The theoretical challenge is to explain the different behavior of mesonic
and baryonic spectra. Historically, the Dual String Model \cite{Jacob}
produced the exponentially-growing mass spectra. In the framework of the
Veneziano model \cite{Veneziano} Huan and Weinberg \cite{HuanW} derived
the following asymptotic formula:
\begin{eqnarray}
\rho _{V}(m) &\sim &2\alpha ^{\prime }mP_{D}(n),  \label{rhoHW} \\
P_{D}(n) &=&\sqrt{\frac{1}{2n}}\left( \frac{D}{24n}\right) ^{\frac{D+1}{4}%
}\exp \left( 2\pi \sqrt{\frac{Dn}{6}}\right) ,  \label{PD} \\
n &=&\alpha _{0}+\alpha ^{\prime }m^{2},  \label{rhoHW2}
\end{eqnarray}
where $\alpha ^{\prime }$ is the slope of the Regge trajectories, $\alpha
_{0}$ is the intercept (averaged over various trajectories), and $D$ is the
number of dimensions, usually assumed to be $4$ \cite{HuanW}, although
higher values have also been attempted \cite{Lovelace}. In the strict
sense, the dual string models are constructed for mesons, and their
application
to baryons has a more phenomenological character.
Since $\alpha^{\prime }\approx 1$GeV$^{-2}$ is universal for all hadrons, the difference
between mesons and baryons could only come from different values of $\alpha
_{0}$, and possibly from $D$. We have tried all reasonable values for these
parameters, and concluded that they result in very similar curves.
The function multiplying the exponent in Eq. (\ref{rhoHW}) has
significance here. For larger $D$ it decreases faster with $m$,
which effectively compensates for the growth from the exponent in
the interesting region of $m$. We were able to fit
the meson line in Fig. 1 with formula (\ref{rhoHW}),
but it is impossible to fit the baryons.
Moreover, the
experimentally accessible range of $m$ is not asymptotic enough to justify
Eq. (\ref{rhoHW}). Indeed, Eq. (\ref{rhoHW}) is a direct consequence of a
combinatorial problem known as {\em partitio numerorum}. For $D=1$ Eq. (\ref
{rhoHW}) is the asymptotic form for the number of different partitions of a
positive integer $n$ into non-negative integer components \cite{partitio}.
For $D>1$ it is a generalization to the case where the components are of $D$
different types \cite{HuanW}. From the Regge formula (\ref{rhoHW2}) we can
see that for $m$ in the range $1-2$GeV the values of $n$ lie between $1$ and
$4$, hence $n$ is not large enough to justify the asymptotic form
(\ref{rhoHW}). In
this paper we do not pursue the dual-model track any further, and leave it
with the conclusion
that {\em it works for the meson spectrum}, and fails, in the present form,
for baryons.

Is there a simple explanation of the behavior of Fig. 1?

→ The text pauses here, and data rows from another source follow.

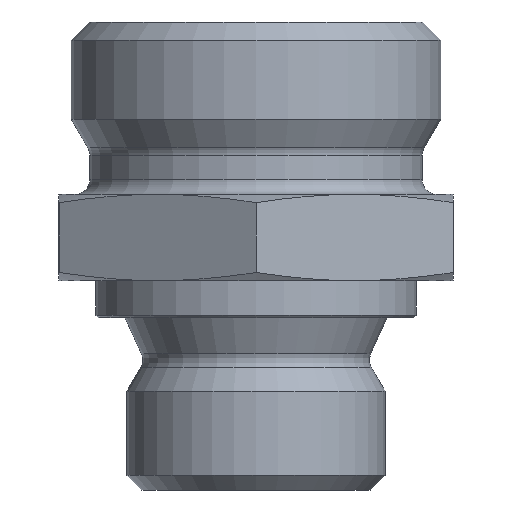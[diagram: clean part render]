
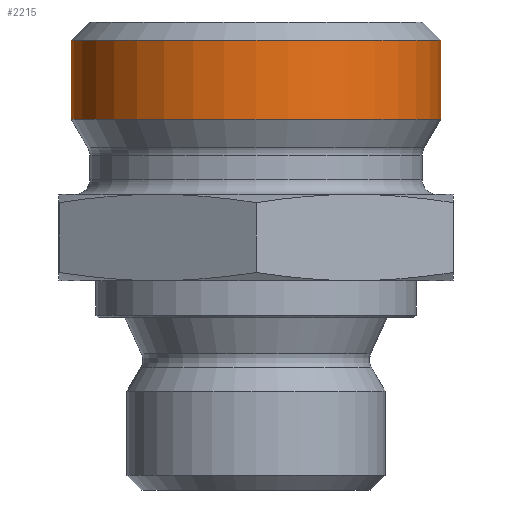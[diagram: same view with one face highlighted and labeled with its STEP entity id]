
A CAD part, front view. The second image highlights one B-rep face of the part: STEP entity #2215.
In plain terms, the highlighted cylindrical face has radius 15 mm (diameter 30 mm), a full revolution.
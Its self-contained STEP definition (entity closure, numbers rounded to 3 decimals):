
#2169=CARTESIAN_POINT('',(9.566,6.145,30.098));
#2170=VERTEX_POINT('',#2169);
#2171=CARTESIAN_POINT('',(-5.434,6.145,30.098));
#2172=DIRECTION('',(0.0,0.0,-1.0));
#2173=DIRECTION('',(-1.0,0.0,0.0));
#2174=AXIS2_PLACEMENT_3D('',#2171,#2172,#2173);
#2175=CIRCLE('',#2174,15.0);
#2176=EDGE_CURVE('',#2170,#2170,#2175,.T.);
#2196=CARTESIAN_POINT('',(-5.434,6.145,38.0));
#2197=DIRECTION('',(0.0,0.0,-1.0));
#2198=DIRECTION('',(-1.0,0.0,0.0));
#2199=AXIS2_PLACEMENT_3D('',#2196,#2197,#2198);
#2200=CYLINDRICAL_SURFACE('',#2199,15.0);
#2201=CARTESIAN_POINT('',(9.566,6.145,36.5));
#2202=VERTEX_POINT('',#2201);
#2203=CARTESIAN_POINT('',(-5.434,6.145,36.5));
#2204=DIRECTION('',(0.0,0.0,1.0));
#2205=DIRECTION('',(-1.0,0.0,0.0));
#2206=AXIS2_PLACEMENT_3D('',#2203,#2204,#2205);
#2207=CIRCLE('',#2206,15.0);
#2208=EDGE_CURVE('',#2202,#2202,#2207,.T.);
#2209=ORIENTED_EDGE('',*,*,#2208,.F.);
#2210=EDGE_LOOP('',(#2209));
#2211=FACE_OUTER_BOUND('',#2210,.T.);
#2212=ORIENTED_EDGE('',*,*,#2176,.F.);
#2213=EDGE_LOOP('',(#2212));
#2214=FACE_BOUND('',#2213,.T.);
#2215=ADVANCED_FACE('',(#2211,#2214),#2200,.T.);

What we have to search for is a mechanism of the observed rapid
increase of degrees of freedom with $m$. Inspired by the combinatorics of 
{\em partitio numerorum} we propose a candidate mechanism capable of
explaining the result of Fig. 1 not worse than the Hagedorn model. We call
it the {\em Compound Hadron Model}, in analogy to compound nuclei
\cite{compound}. In the statistical model of nuclear reactions a compound nucleus
is an object whose density of states is enormous, and is described
approximately by the formula $\rho (E^{\ast })\simeq f(E^{\ast })\exp \left(
b\sqrt{E^{\ast }}\right) $, where $E^{\ast }$ is the (large) excitation
energy of the nucleus, $b$ is a nucleus-dependent constant, and $f(E^{\ast })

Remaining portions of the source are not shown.